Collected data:
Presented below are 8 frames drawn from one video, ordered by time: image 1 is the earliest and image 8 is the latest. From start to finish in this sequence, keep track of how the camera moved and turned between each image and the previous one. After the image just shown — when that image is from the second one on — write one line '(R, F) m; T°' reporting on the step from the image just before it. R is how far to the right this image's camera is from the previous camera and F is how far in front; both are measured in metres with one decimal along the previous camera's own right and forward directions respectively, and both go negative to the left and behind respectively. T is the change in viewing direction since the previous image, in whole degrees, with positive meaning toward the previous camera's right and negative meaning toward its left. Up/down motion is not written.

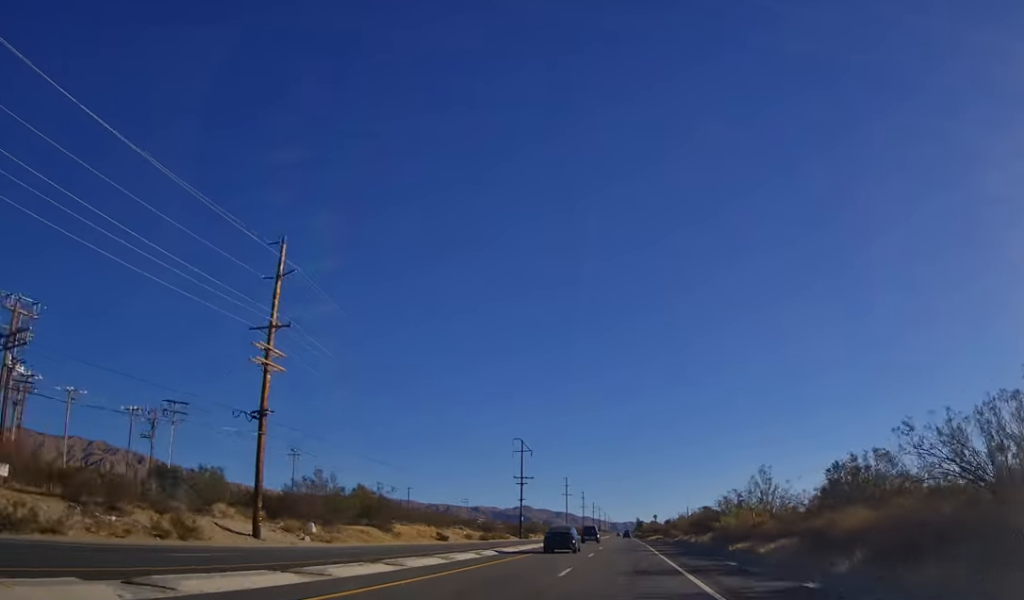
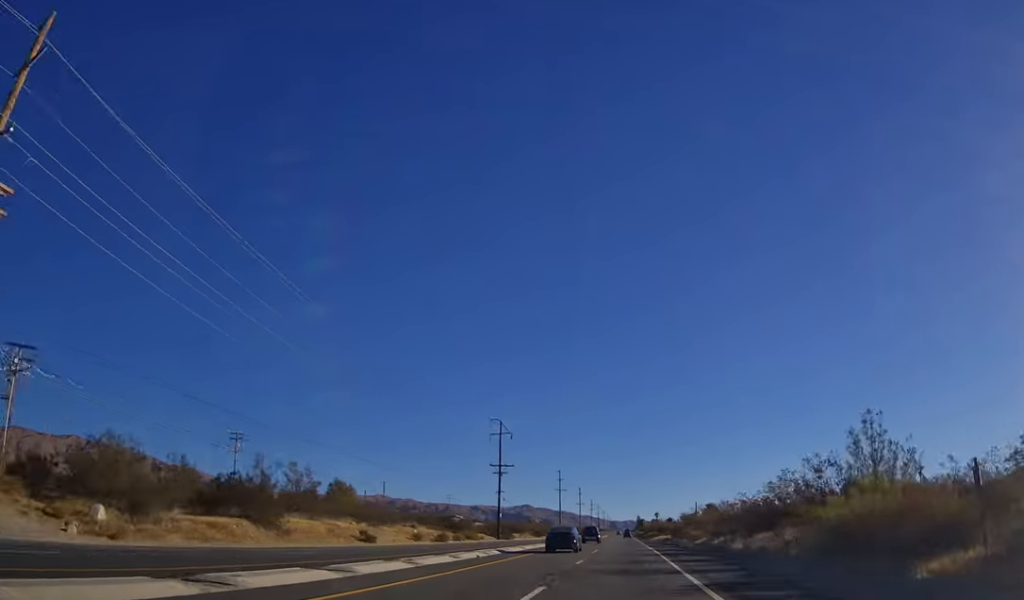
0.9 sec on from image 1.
(-0.3, +22.4) m; 0°
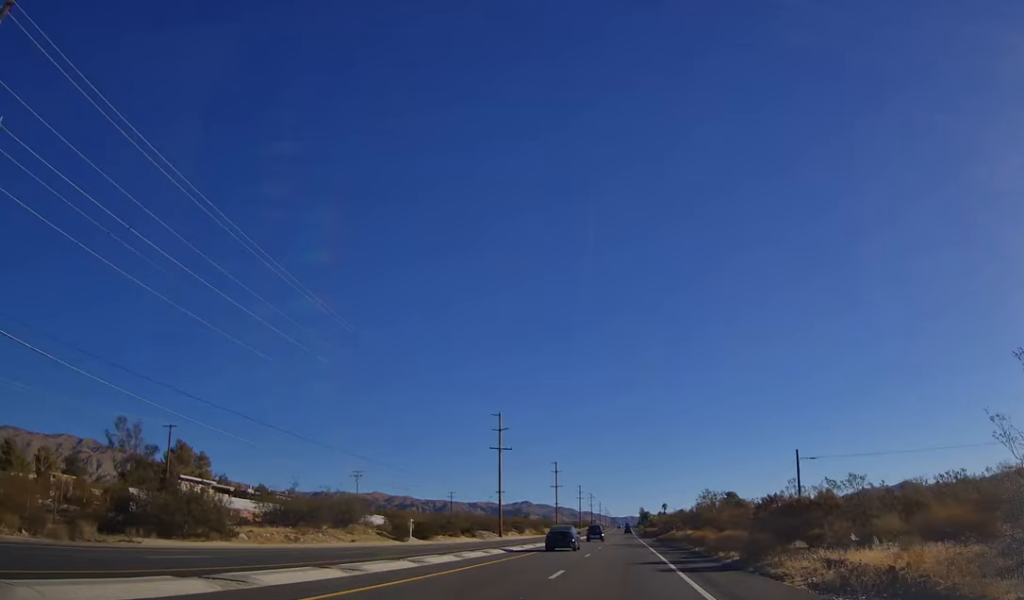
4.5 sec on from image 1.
(+0.2, +96.6) m; 0°
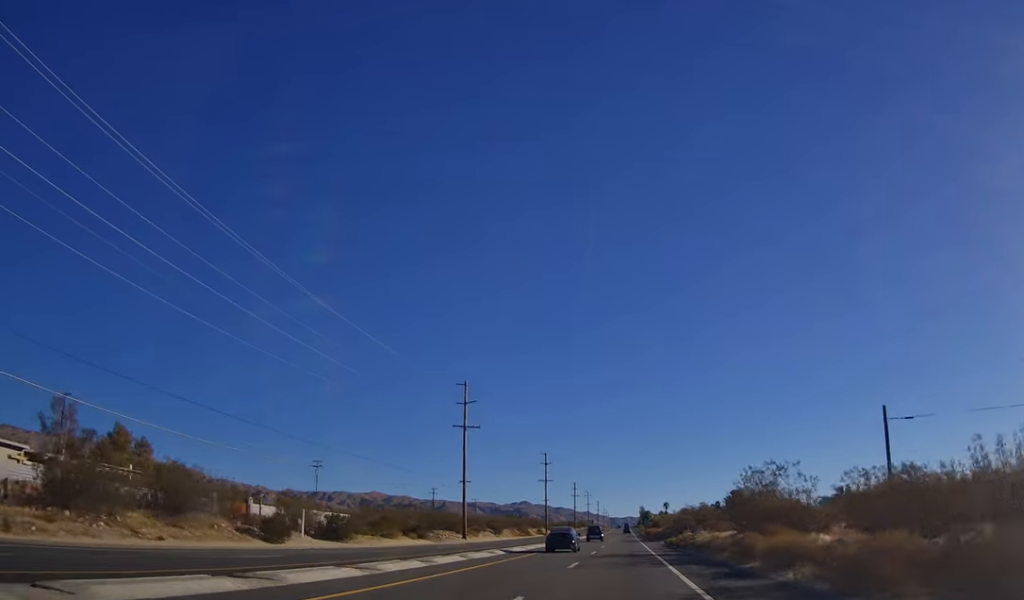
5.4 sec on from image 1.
(-0.3, +23.1) m; 0°
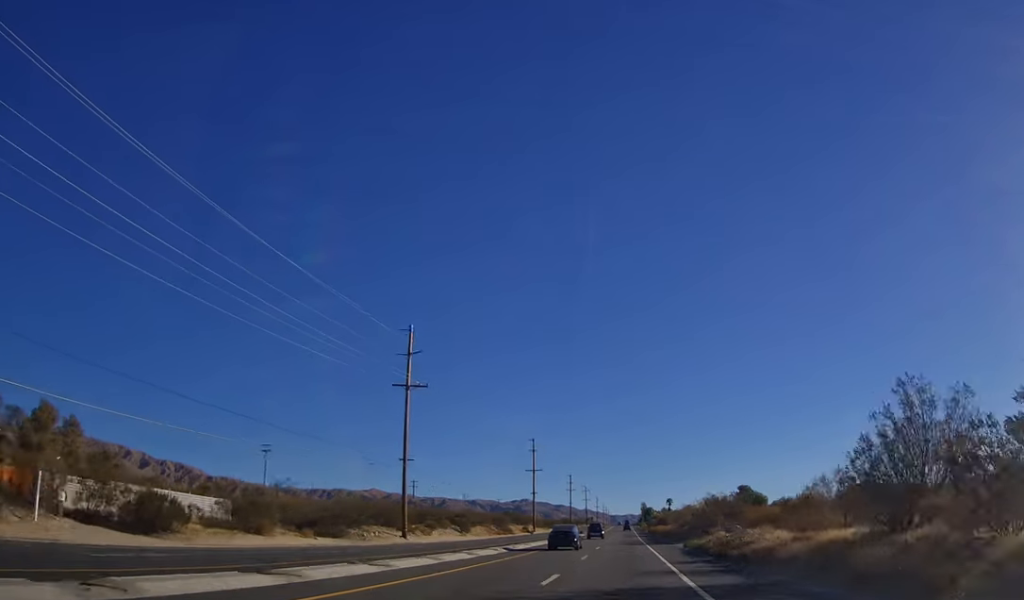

--- Task requirements ---
Write out the data word for word. Any picture is to be skipped.

--- Response below ---
Presented below are 8 frames drawn from one video, ordered by time: image 1 is the earliest and image 8 is the latest. From start to finish in this sequence, keep track of how the camera moved and turned between each image and the previous one. After the image just shown — when that image is from the second one on — write one line '(R, F) m; T°' reporting on the step from the image just before it. R is how far to the right this image's camera is from the previous camera and F is how far in front; both are measured in metres with one decimal along the previous camera's own right and forward directions respectively, and both go negative to the left and behind respectively. T is the change in viewing direction since the previous image, in whole degrees, with positive meaning toward the previous camera's right and negative meaning toward its left. Up/down motion is not written.

0.9 sec on from image 1.
(-0.3, +22.4) m; 0°
4.5 sec on from image 1.
(+0.2, +96.6) m; 0°
5.4 sec on from image 1.
(-0.3, +23.1) m; 0°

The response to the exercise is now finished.